An old mathematics joke. Or paradox, if you prefer. What is the smallest whole number with no interesting properties?

Not one. That’s for sure. We could talk about one forever. It’s the first number we ever know. It’s the multiplicative identity. It divides into everything. It exists outside the realm of prime or composite numbers. It’s — all right, we don’t *need* to talk about one forever. Two? The smallest prime number. The smallest even number. The only even prime. The only — yeah, let’s move on. Three; the smallest odd prime number. Triangular number. One of only two prime numbers that isn’t one more or one less than a multiple of six. Let’s move on. Four. A square number. The smallest whole number that isn’t 1 or a prime. Five. Prime number. First sum of two prime numbers. Part of the first prime pair. Six. Smallest perfect number. Smallest product of two different prime numbers. Let’s move on.

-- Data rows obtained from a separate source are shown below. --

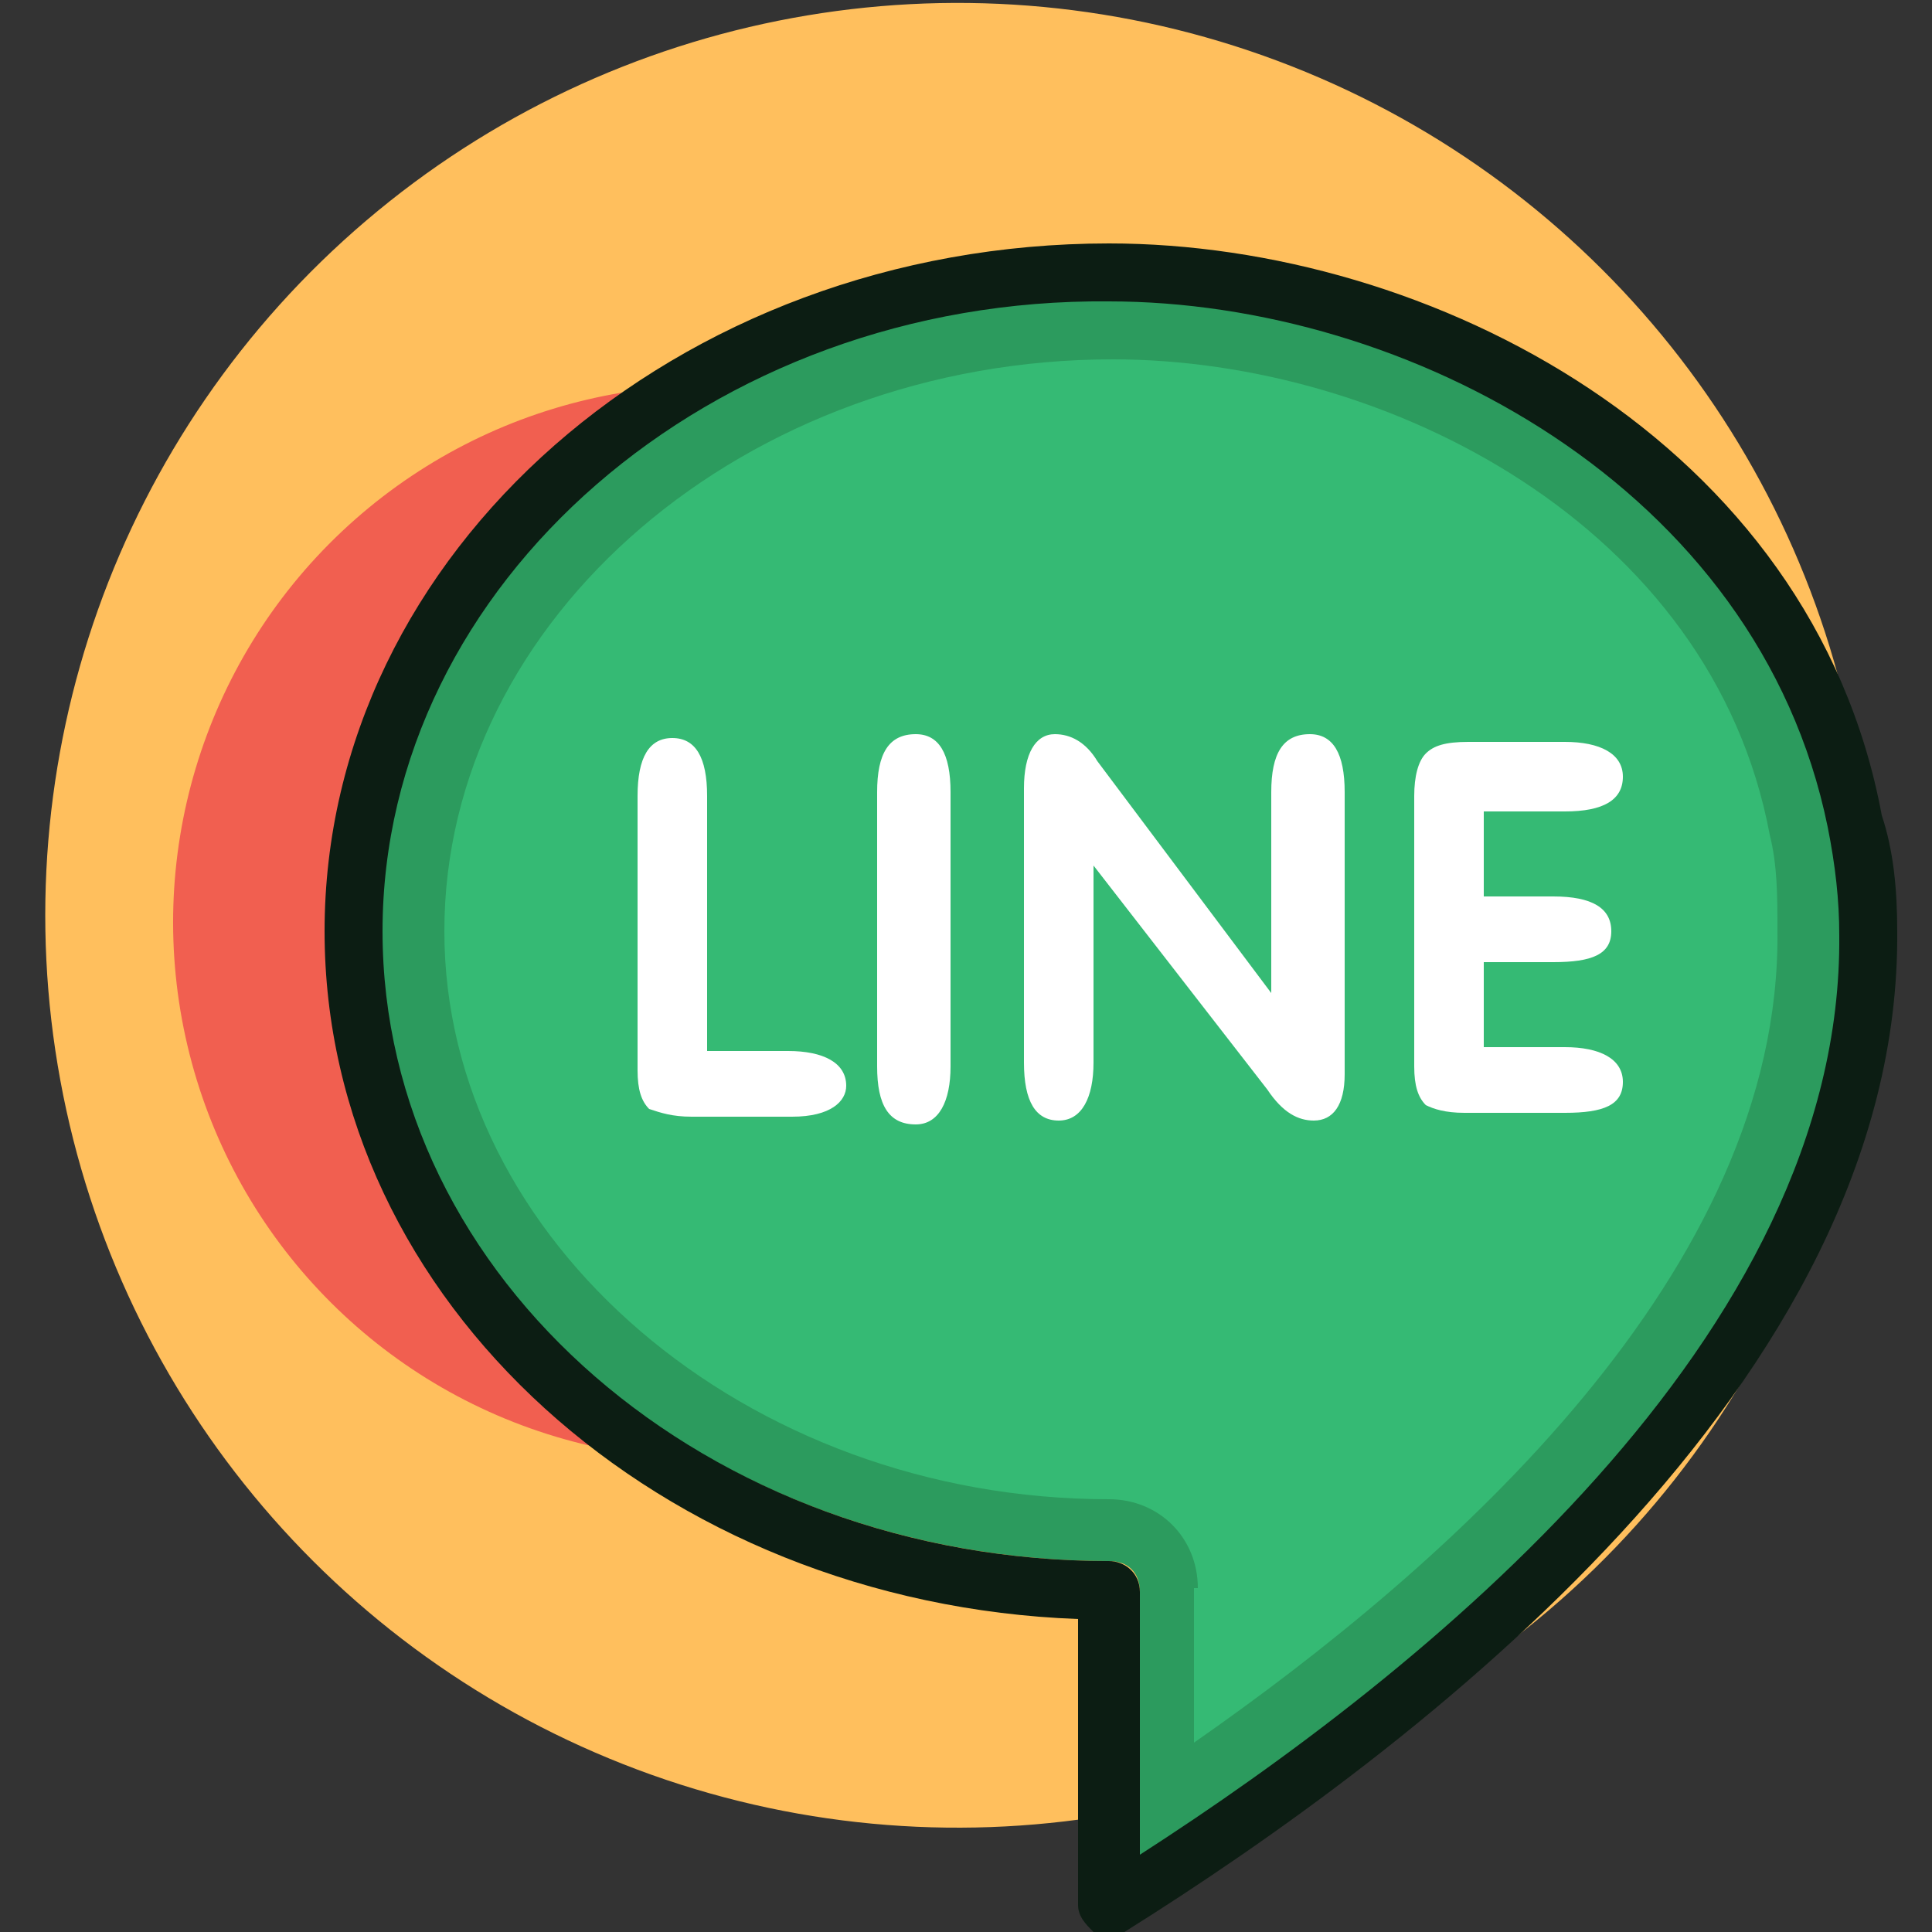 <?xml version="1.0" encoding="utf-8"?>
<!-- Generator: Adobe Illustrator 22.1.0, SVG Export Plug-In . SVG Version: 6.00 Build 0)  -->
<svg version="1.1" id="Capa_1" xmlns="http://www.w3.org/2000/svg" xmlns:xlink="http://www.w3.org/1999/xlink" x="0px" y="0px"
	 width="50px" height="50px" viewBox="272.6 395.9 50 50" style="enable-background:new 272.6 395.9 50 50;" xml:space="preserve">
<rect x="272.6" y="395.9" width="50" height="50" fill="#333333" stroke="none"/>
<style type="text/css">
	.st0{fill:#FFBF5D;}
	.st1{fill:#F15F50;}
	.st2{fill:#7AC943;}
	.st3{fill:#2C9B5E;}
	.st4{fill:#35BA74;}
	.st5{fill:#FFFFFF;}
	.st6{fill:#0C1D13;}
</style>
<g>
	
		<ellipse transform="matrix(0.984 -0.181 0.181 0.984 -70.892 60.575)" class="st0" cx="297.1" cy="419.5" rx="23.6" ry="23.6"/>
	
		<ellipse transform="matrix(0.973 -0.23 0.23 0.973 -88.668 78.017)" class="st1" cx="290.9" cy="420" rx="13.9" ry="13.9"/>
	<path class="st2" d="M313,416.8c0.9,0,1.5-0.3,1.5-0.9c0-0.6-0.5-0.9-1.5-0.9h-2.5c-0.5,0-0.8,0.1-1.1,0.3
		c-0.2,0.2-0.3,0.6-0.3,1.1v7.1c0,0.5,0.1,0.8,0.3,1c0.2,0.2,0.5,0.2,1,0.2h2.6c0.9,0,1.5-0.3,1.5-0.8c0-0.6-0.5-0.9-1.5-0.9h-2
		v-2.2h1.8c1,0,1.5-0.3,1.5-0.8c0-0.6-0.5-0.9-1.5-0.9H311v-2.2L313,416.8L313,416.8z M294.5,423.9c0-0.6-0.5-0.9-1.5-0.9H291v-6.6
		c0-1-0.3-1.5-0.9-1.5c-0.6,0-0.9,0.5-0.9,1.5v7.1c0,0.5,0.1,0.8,0.3,1c0.2,0.2,0.5,0.2,1.1,0.2h2.6
		C294.1,424.8,294.5,424.4,294.5,423.9z M297.2,423.4v-7.1c0-1-0.3-1.5-0.9-1.5c-0.7,0-1,0.5-1,1.5v7.1c0,0.9,0.3,1.5,1,1.5
		C296.9,424.8,297.2,424.4,297.2,423.4z M299.1,423.4c0,0.9,0.3,1.5,0.9,1.5c0.6,0,0.9-0.5,0.9-1.5v-5.1l4.5,5.9
		c0.4,0.5,0.8,0.8,1.2,0.8c0.6,0,0.8-0.4,0.8-1.2v-7.3c0-1-0.3-1.5-0.9-1.5s-1,0.5-1,1.5v5.2l-4.5-6c-0.3-0.5-0.7-0.7-1.1-0.7
		c-0.6,0-0.8,0.5-0.8,1.4V423.4L299.1,423.4z M320.2,420c0.1,10.4-10.8,19.1-18.1,23.8V437c0-0.5-0.3-0.8-0.8-0.8
		c-10.4,0-18.8-7.4-18.8-16.3c0-9,8.4-16.3,18.8-16.3c7.7,0,16.8,4.8,18.6,13.5C320.1,418.1,320.2,419.1,320.2,420z"/>
	<path class="st3" d="M320.5,419.8c0.1,10.5-11,19.4-18.4,24.2v-6.9c0-0.5-0.3-0.8-0.8-0.8c-10.5,0-19.1-7.5-19.1-16.5
		c0-9.1,8.6-16.5,19.1-16.5c7.8,0,17.1,4.8,18.9,13.7C320.5,418,320.5,418.9,320.5,419.8z"/>
	<path class="st4" d="M303.6,437c0-1.3-1-2.3-2.3-2.3c-9.4,0-17.2-6.7-17.2-14.7c0-8.1,7.8-14.8,17.3-14.8c7.1,0,15.5,4.3,17,12.3
		c0.2,0.8,0.2,1.6,0.2,2.5c0.1,8.8-8.5,16.4-15.1,21V437z"/>
	<g>
		<path class="st5" d="M311,423h2.1c0.9,0,1.5,0.3,1.5,0.9c0,0.6-0.5,0.8-1.5,0.8h-2.6c-0.5,0-0.8-0.1-1-0.2c-0.2-0.2-0.3-0.5-0.3-1
			v-7c0-0.5,0.1-0.9,0.3-1.1c0.2-0.2,0.5-0.3,1.1-0.3h2.5c0.9,0,1.5,0.3,1.5,0.9c0,0.6-0.5,0.9-1.5,0.9H311v2.2h1.8
			c1,0,1.5,0.3,1.5,0.9s-0.5,0.8-1.5,0.8H311V423z"/>
		<path class="st5" d="M300.9,418.3v5.1c0,0.9-0.3,1.5-0.9,1.5c-0.6,0-0.9-0.5-0.9-1.5v-7.1c0-0.9,0.3-1.4,0.8-1.4
			c0.4,0,0.8,0.2,1.1,0.7l4.5,6v-5.2c0-1,0.3-1.5,1-1.5c0.6,0,0.9,0.5,0.9,1.5v7.3c0,0.8-0.3,1.2-0.8,1.2c-0.4,0-0.8-0.2-1.2-0.8
			L300.9,418.3z"/>
		<path class="st5" d="M297.2,416.4v7.1c0,0.9-0.3,1.5-0.9,1.5c-0.7,0-1-0.5-1-1.5v-7.1c0-1,0.3-1.5,1-1.5
			C296.9,414.9,297.2,415.4,297.2,416.4z"/>
		<path class="st5" d="M293.1,424.8h-2.6c-0.5,0-0.8-0.1-1.1-0.2c-0.2-0.2-0.3-0.5-0.3-1v-7.1c0-1,0.3-1.5,0.9-1.5
			c0.6,0,0.9,0.5,0.9,1.5v6.6h2.1c0.9,0,1.5,0.3,1.5,0.9C294.5,424.4,294.1,424.8,293.1,424.8z"/>
		<path class="st6" d="M282.5,420c0,9,8.4,16.3,18.8,16.3c0.4,0,0.8,0.3,0.8,0.8v6.8c7.3-4.7,18.2-13.4,18.1-23.8
			c0-0.9-0.1-1.8-0.3-2.8c-1.8-8.8-10.9-13.6-18.6-13.6C291,403.6,282.5,411,282.5,420z M321.7,420c0.1,11.7-12.5,21.2-20,25.9
			c-0.2,0.1-0.2,0.1-0.4,0.1c-0.2,0-0.2,0-0.4-0.1c-0.2-0.2-0.4-0.4-0.4-0.7v-7.4c-10.8-0.4-19.5-8.2-19.5-17.8
			c0-9.8,9.1-17.8,20.3-17.8c8.3,0,18.2,5.1,20,14.8C321.6,417.9,321.7,418.9,321.7,420L321.7,420z"/>
	</g>
</g>
</svg>

And so on. Somewhere around 22 or so, the imagination fails and we can’t think of anything not-boring about this number. So we’ve found the first number that hasn’t got any interesting properties! … Except that being the smallest boring number must be interesting. So we have to note that this is otherwise the smallest boring number except for that bit where it’s interesting. On to 23, which used to be the default funny number. 24. … Oh, carry on. Maybe around 31 things settle down again. Our first boring number! Except that, again, being the smallest boring number is interesting. We move on to 32, 33, 34. When we find one that couldn’t be interesting, we find that’s interesting. We’re left to conclude there is no such thing as a boring number.

This would be a nice thing to say for numbers that otherwise get no attention, if we pretend they can have hurt feelings. But we do have to admit, 1729 is actually only interesting because it’s a part of the legend of Srinivasa Ramanujan. Enjoy the silliness for a few paragraphs more.

(This is, if I’m not mistaken, a form of the heap paradox. Don’t remember that? Start with a heap of sand. Remove one grain; you’ve still got a heap of sand. Remove one grain again. Still a heap of sand. Remove another grain. Still a heap of sand. And yet if you did this *enough* you’d leave one or two grains, *not* a heap of sand. Where does that change?)

Another problem, something you might consider right after learning about fractions. What’s the smallest positive number? Not one-half, since one-third is smaller and still positive. Not one-third, since one-fourth is smaller and still positive. Not one-fourth, since one-fifth is smaller and still positive. Pick any number you like and there’s something smaller and still positive. This is a difference between the positive integers and the positive real numbers. (Or the positive rational numbers, if you prefer.) The thing positive integers have is obvious, but it is not a given.

The difference is that the positive integers are well-ordered, while the positive real numbers aren’t. Well-ordering we build on ordering. Ordering is exactly what you imagine it to be. Suppose you can say, for any two things in a set, which one is less than another. A set is well-ordered if whenever you have a non-empty subset you can pick out the smallest element. Smallest means exactly what you think, too.

The positive integers are well-ordered. And more. The way they’re set up, they have a property called the “well-ordering principle”. This means any non-empty set of positive integers has a smallest number in it.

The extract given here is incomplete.